Programação Fetal: O que é?

O termo programação fetal é relativamente novo para a área de produção animal, no entanto, há muito tempo se estuda esse processo em seres humanos (Barker et al., 1993; Godfrey e Barker, 2001). Os primeiros trabalhos foram realizados pelo Dr. Barker, em que ele e sua equipe desenvolveram estudos epidemiológicos com filhos de mulheres que passaram por algum tipo de restrição alimentar durante a 2º Guerra Mundial e, perceberam que esses indivíduos desenvolveram mecanismos fisiológicos para se adaptarem à situação de “baixa nutrição” materna, mecanismos que influenciaram esses mesmos indivíduos ao longo de toda sua vida. Este tema pode receber várias denominações na literatura, dependendo da área de estudo e/ou especialização, sendo os mais comuns: programação fetal, programação neonatal, programação lactacional, programação metabólica e programação de desenvolvimento. Na produção animal o termo mais utilizado é programação fetal.

A partir daí, surgiram os primeiros trabalhos com programação fetal em animais (Wu et al., 2006; Du et al., 2010). De forma geral, os trabalhos mostram que a subalimentação e/ou a superalimentação de matrizes podem comprometer o crescimento fetal, alterando consideravelmente a formação dos tecidos do feto, desde os órgãos, como: fígado, coração, intestinos, testículos, ovários e glândula mamária; ou até mesmo do tecido muscular e adiposo dos animais (Wu et al., 2006), que por sua vez, poderá interferir no desempenho dos animais, nas fases de cria, recria e engorda, bem como, na fase reprodutiva.

Neste sentido, tem-se observado crescente preocupação sobre a nutrição de matrizes. No Brasil, esse assunto se torna ainda mais importante, pelo fato de grande parte do período de gestação desses animais ocorrer em momentos críticos do ano, como veremos mais abaixo (Figura 1).

No sistema de produção de bovinos de corte do Brasil, temos inicialmente a fase reprodutiva, na qual buscamos desenvolver uma estação de monta (EM) em um período curto (ideal: 90 dias), estação esta que ocorre nos meses com maior disponibilidade de alimento para as matrizes, uma vez que, é neste período que as matrizes apresentarão uma maior fertilidade.

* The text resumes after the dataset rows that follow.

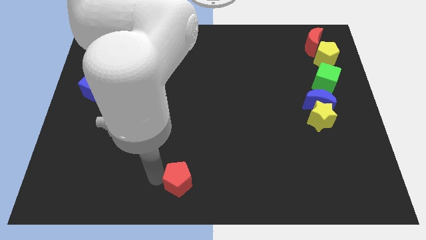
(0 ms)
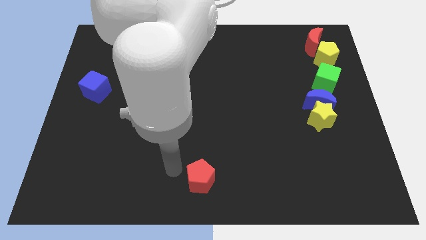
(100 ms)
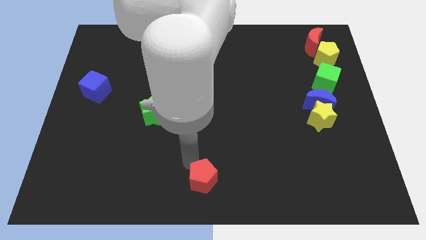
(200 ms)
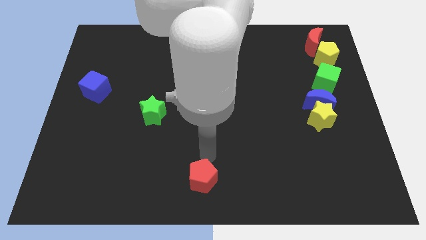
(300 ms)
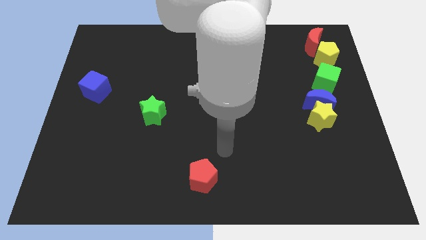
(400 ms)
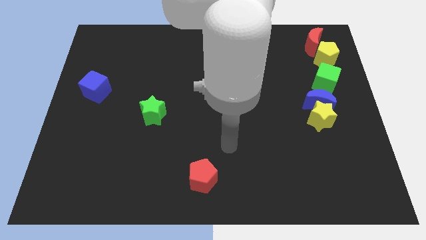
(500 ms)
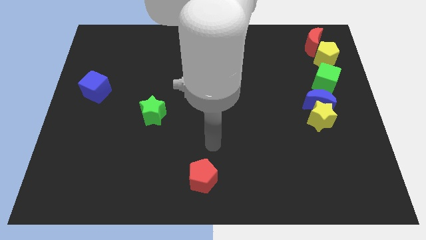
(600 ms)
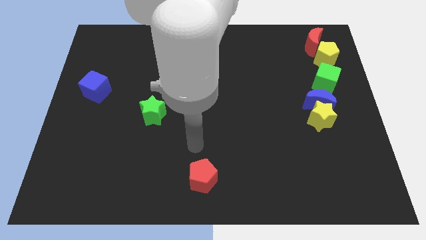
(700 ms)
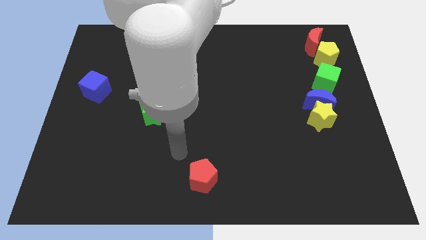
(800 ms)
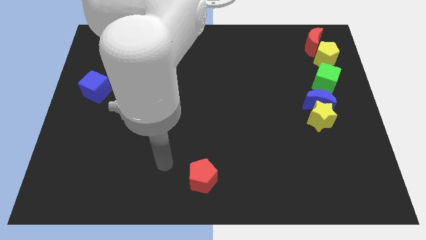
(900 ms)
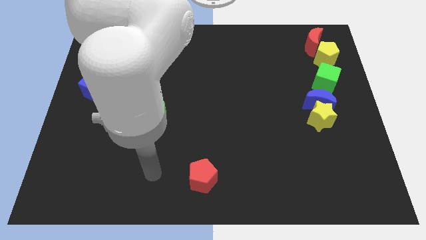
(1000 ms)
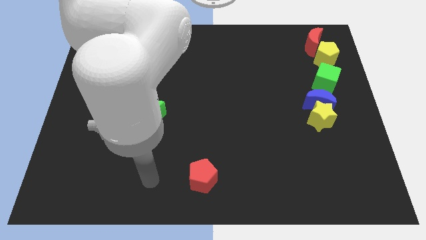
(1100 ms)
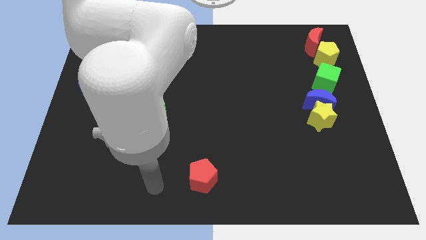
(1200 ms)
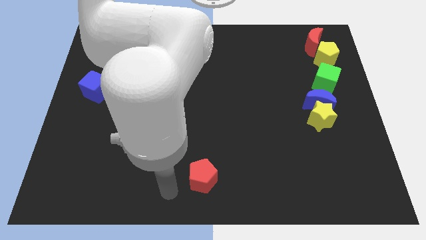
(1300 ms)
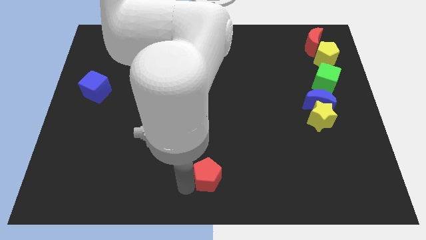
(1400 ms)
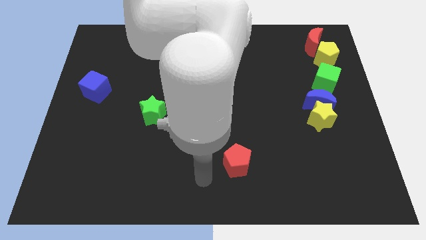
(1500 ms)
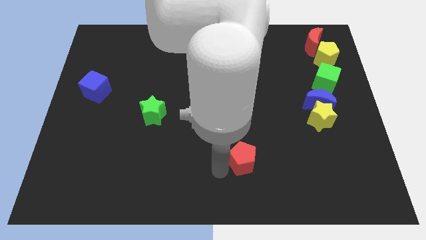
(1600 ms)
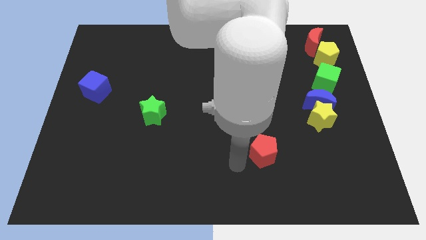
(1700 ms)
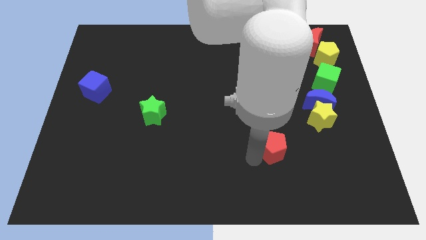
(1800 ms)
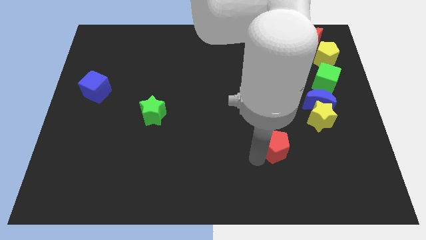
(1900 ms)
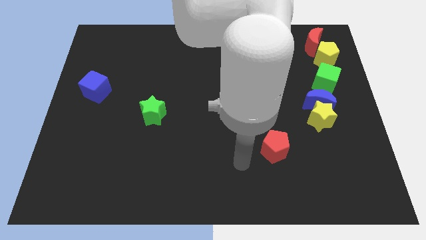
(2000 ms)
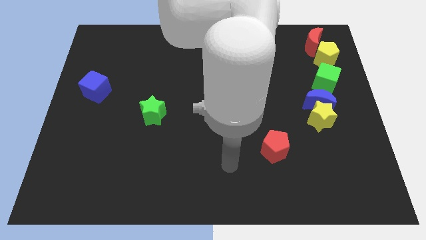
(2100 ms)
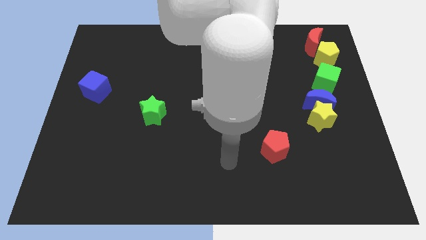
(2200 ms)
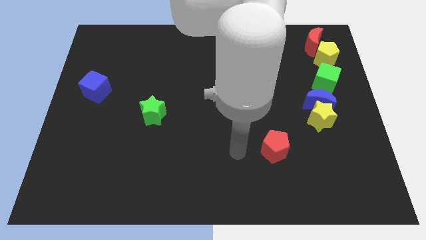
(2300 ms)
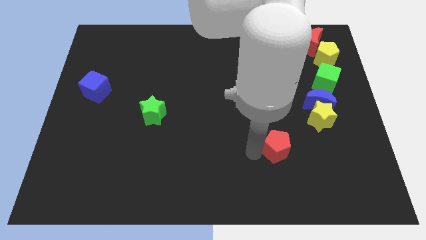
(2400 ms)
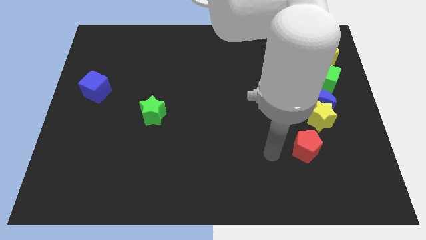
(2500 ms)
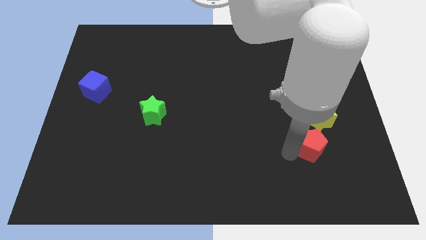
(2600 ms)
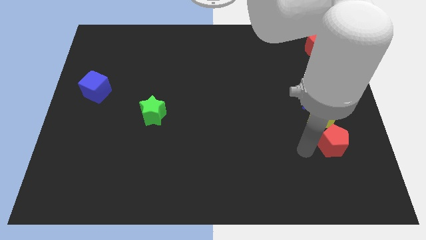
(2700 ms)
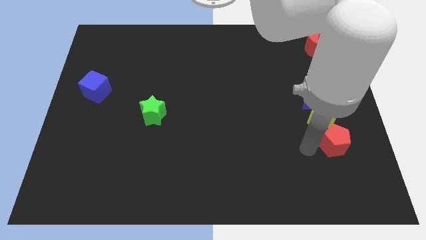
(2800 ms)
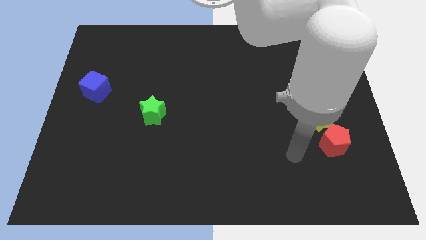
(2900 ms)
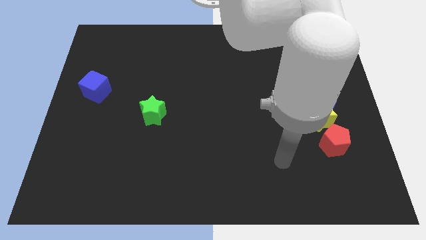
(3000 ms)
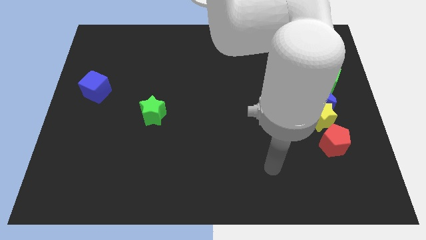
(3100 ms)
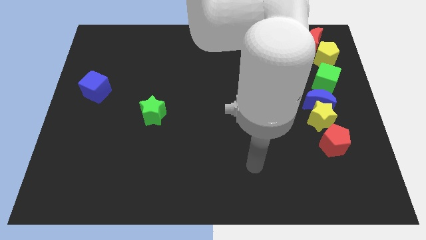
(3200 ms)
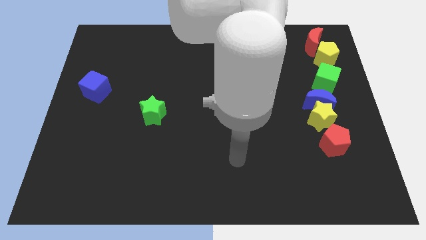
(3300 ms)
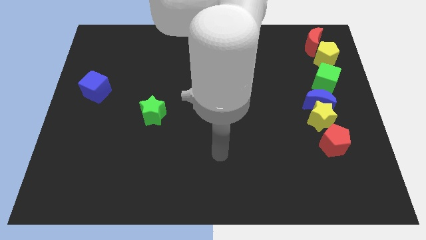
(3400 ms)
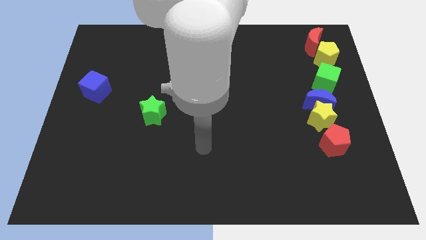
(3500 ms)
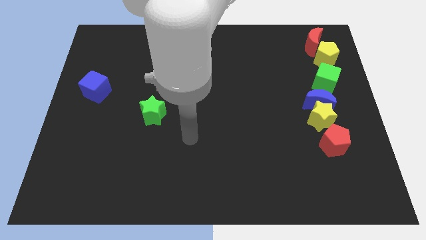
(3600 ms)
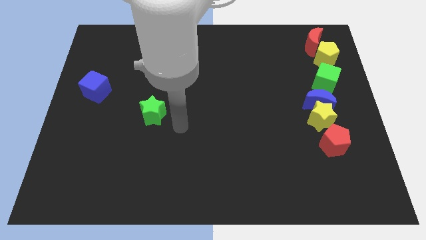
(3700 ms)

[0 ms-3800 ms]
move the red pentagon below the yellow star

Importante salientar que, no período de gestação de 9 meses, praticamente 2/3 desse período ocorrerá dentro de uma estação do ano denominada “estação seca” (Figura 1), na qual encontraremos baixa disponibilidade de forragem para as matrizes e, com isso, possíveis limitações nutricionais para elas desempenhem bem o seu papel dentro do rebanho, dentre eles: produção de leite, crescimento fetal, entre outros.

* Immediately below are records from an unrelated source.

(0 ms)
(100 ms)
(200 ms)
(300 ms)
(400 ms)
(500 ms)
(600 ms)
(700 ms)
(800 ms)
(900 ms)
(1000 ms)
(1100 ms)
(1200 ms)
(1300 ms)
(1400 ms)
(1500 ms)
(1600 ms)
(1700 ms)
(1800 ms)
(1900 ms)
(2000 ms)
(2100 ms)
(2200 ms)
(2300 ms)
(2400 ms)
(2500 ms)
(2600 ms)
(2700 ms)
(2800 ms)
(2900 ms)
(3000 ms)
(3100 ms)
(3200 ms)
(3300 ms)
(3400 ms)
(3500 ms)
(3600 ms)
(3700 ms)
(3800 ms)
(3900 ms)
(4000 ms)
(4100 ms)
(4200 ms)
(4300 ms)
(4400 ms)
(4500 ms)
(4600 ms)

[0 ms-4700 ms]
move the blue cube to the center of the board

Post: Programação Fetal. Simulação de diferentes períodos de EM e os meses que se encaixam o 1/3 médio da gestação
Figura 1: Simulação de diferentes períodos de EM e os meses que se encaixam o 1/3 médio da gestação

Observa-se que o terço médio e terço final da gestação das matrizes coincide com o período de menor disponibilidade de alimentos. Historicamente, esse momento é muito negligenciado pela maioria dos pecuaristas e, normalmente os animais são alocados nos piores pastos da propriedade. Além disso, existem outros pontos que também podem proporcionar um ambiente uterino inadequado para o crescimento e desenvolvimento do feto, são eles: novilhas que ainda se encontram em fase de crescimento e gestantes ao mesmo tempo, havendo assim uma competição por nutrientes; quando também se trabalha uma seleção de matrizes para uma maior produção de leite, levando também à competição por nutrientes e, nesse caso, entre o feto e a maior produção de leite. Situações de estresse térmico também são indesejáveis. Por último, a condição de superalimentação da matriz também não é desejável, podendo influenciar de forma negativa o crescimento e desenvolvimento do feto.

Uma vez que o objetivo é maximizar a síntese de tecido muscular, vamos entender como se dá o crescimento dos tecidos no animal. O crescimento ocorre de duas formas: a hiperplasia, que é o crescimento relacionado ao número de células e, a hipertrofia, que é o crescimento – em volume – das células musculares existentes. Para o tecido muscular, sabe-se que a hiperplasia muscular, chamada também de miogênese, ocorre somente no período pré-natal (Figura 2) com a miogênese primária e secundária, ou seja, o animal ao nascer apresentará um número de células já definidas. Com isso, após o nascimento, o animal poderá crescer somente por hipertrofia muscular. Observa-se que a hipertrofia já se inicia antes mesmo do animal nascer e continua ao longo da vida do indivíduo. De forma prática, um plano nutricional bem realizado no período de gestação da matriz, faz com que, a cria, ao nascer, apresente maior número de células musculares e, consequentemente, esse maior número de células musculares significará para o animal um maior potencial de ganho de peso durante toda sua vida, pois terá mais células disponíveis para entraram em processos de hipertrofia.

Post: Programação Fetal. Crescimento do tecido muscular e adiposo e os efeitos de uma possível restrição alimentar durante a fase pré-natal.
Figura 2. Crescimento do tecido muscular e adiposo e os efeitos de uma possível restrição alimentar durante a fase pré-natal. Adaptado de Du et al. (2010)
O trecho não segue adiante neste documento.